Senator Dan Sullivan has introduced legislation—the INDEX Act—to do just that. I’m proud to co-sponsor it and delighted he’s here today to discuss it.

The INDEX Act requires any asset manager of a passive index fund with more than 1% of a company’s voting shares to vote those shares in accordance with the instructions of the fund’s investors, not at the discretion of the asset manager. Or they could choose to not vote at all.

This means such asset managers, including for index funds offered under 401(k) plans, ERISA plans, and the Thrift Savings Plan for federal workers and retirees, could no longer use and abuse the voting power of their index fund investors to advance their own agendas.

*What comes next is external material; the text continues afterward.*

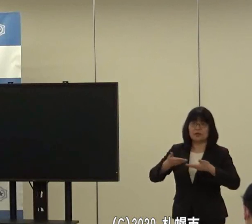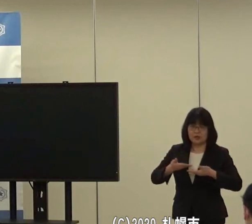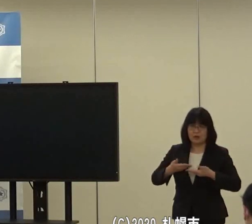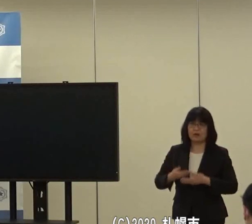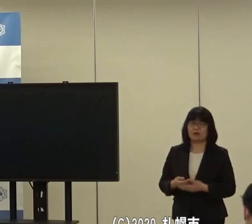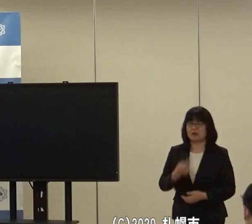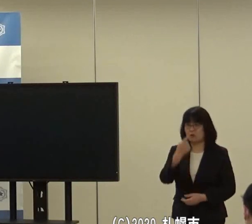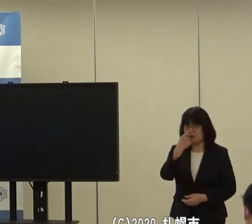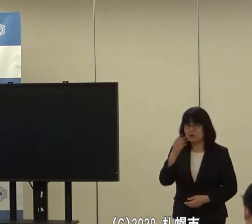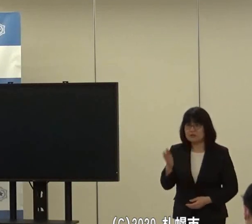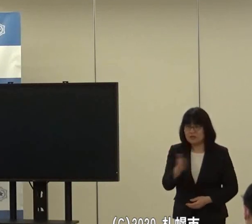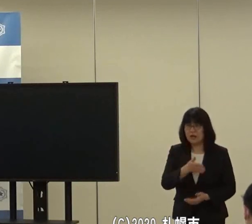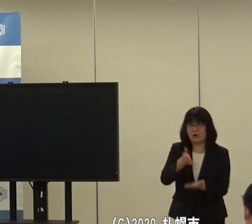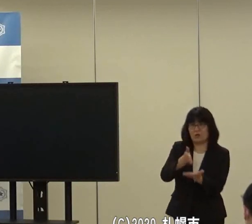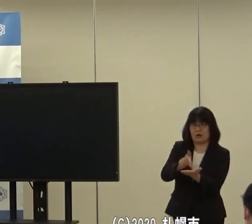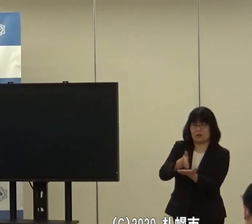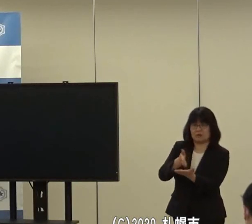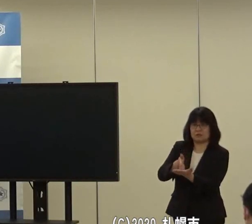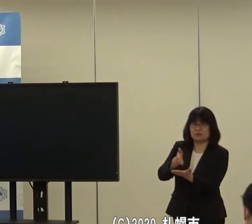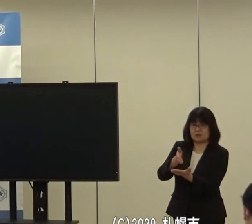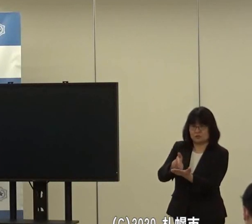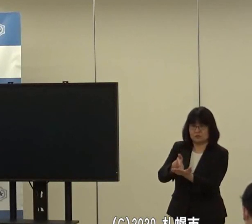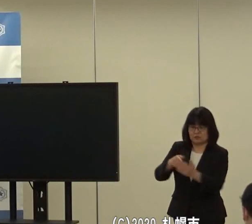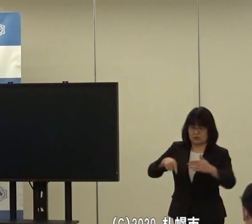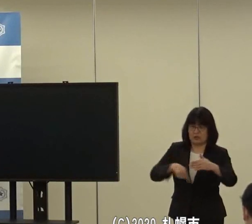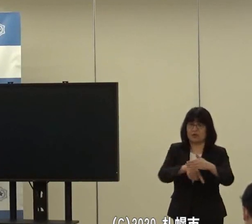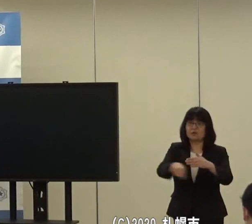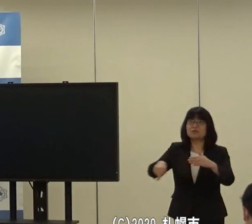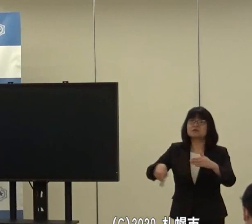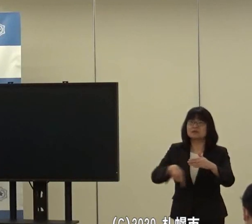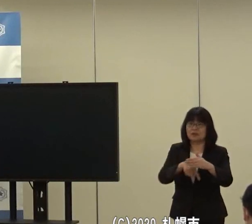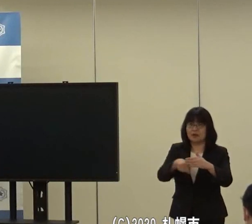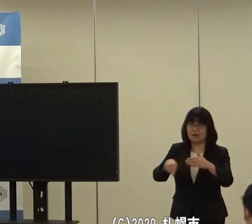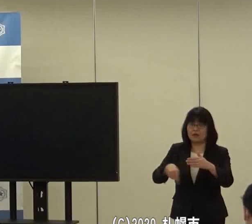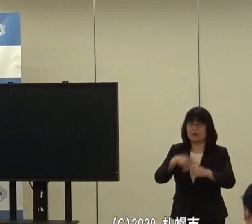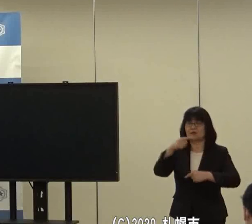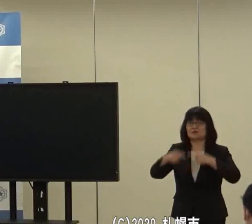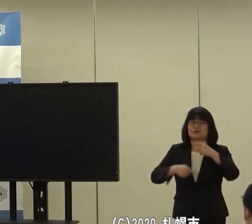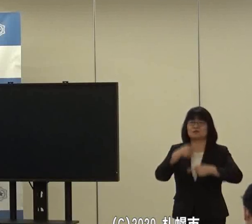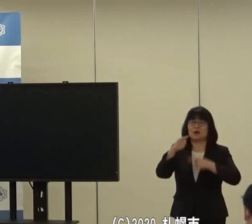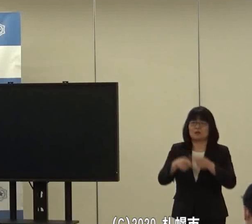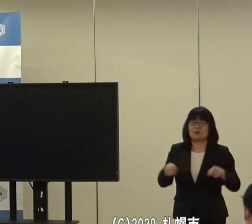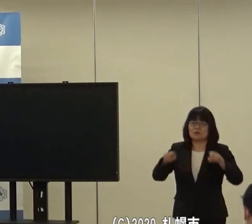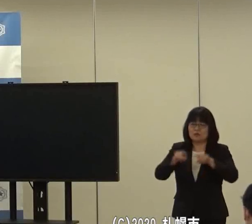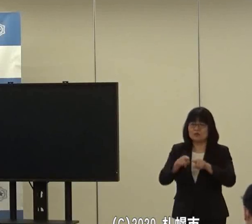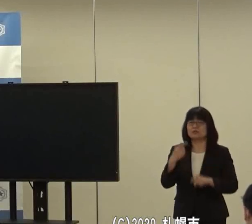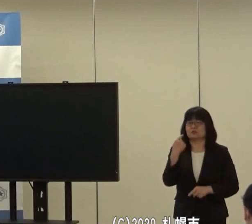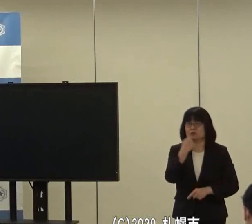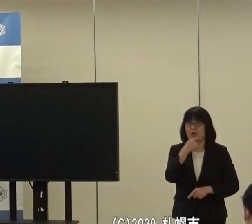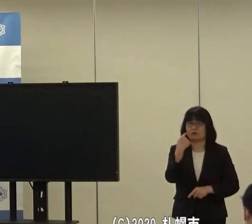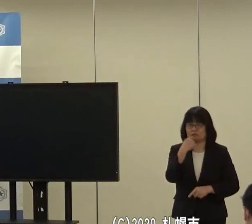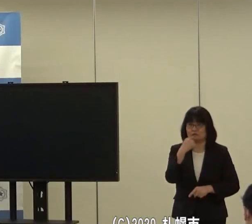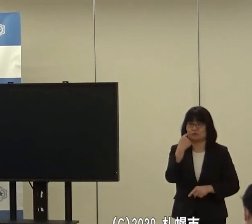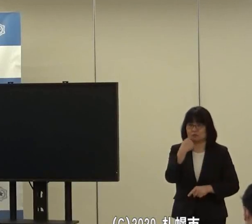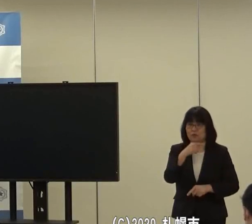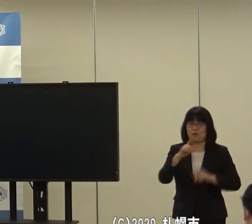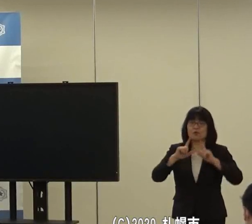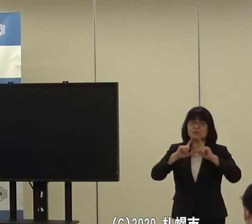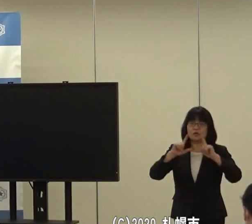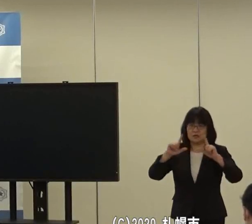私からお話をさせていただく内容について手話の同時通訳でお伝えをさせていただ
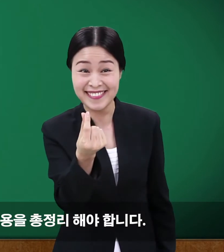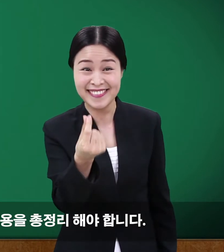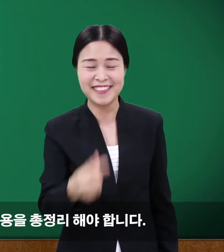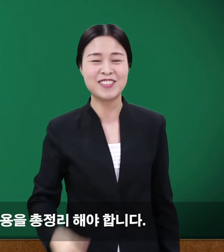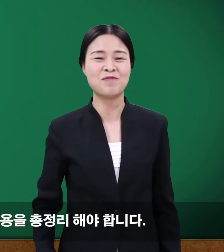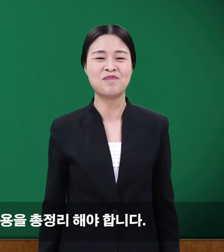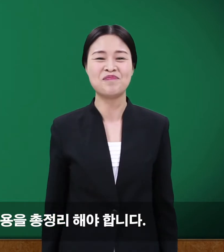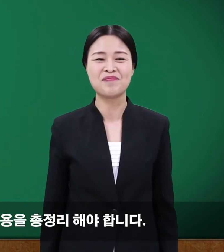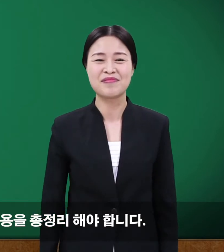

Importantly, the INDEX Act recognizes the reality that index fund investors may want some guidance in deciding how to vote their shares, since there could be numerous votes to cast. Researching and deciding on each of those votes could be incredibly time consuming for the average investor.

That’s why the INDEX Act requires asset managers to permit third-party vote recommendations on their voting platforms so that investors can consult these recommendations. And asset managers that provide third-party recommendations must do so on a non-discriminatory basis that allows investors to consult a broad diversity of views.

To make the voting process simpler and more efficient for index investors, the INDEX Act would allow recommendations to take the form of general voting instructions given in advance. That means an investor could vote according to those general instructions, not on a case-by-case basis. For example, an investor could choose to always support management’s position on votes, unless the investor decided otherwise.

I look forward to hearing from today’s witnesses. In my view, further democratizing investing and diminishing the consolidation of corporate voting power are objectives that members of both parties can, and should, get behind. I hope that today’s discussion will help us build bipartisan support for legislation that will achieve these important objectives.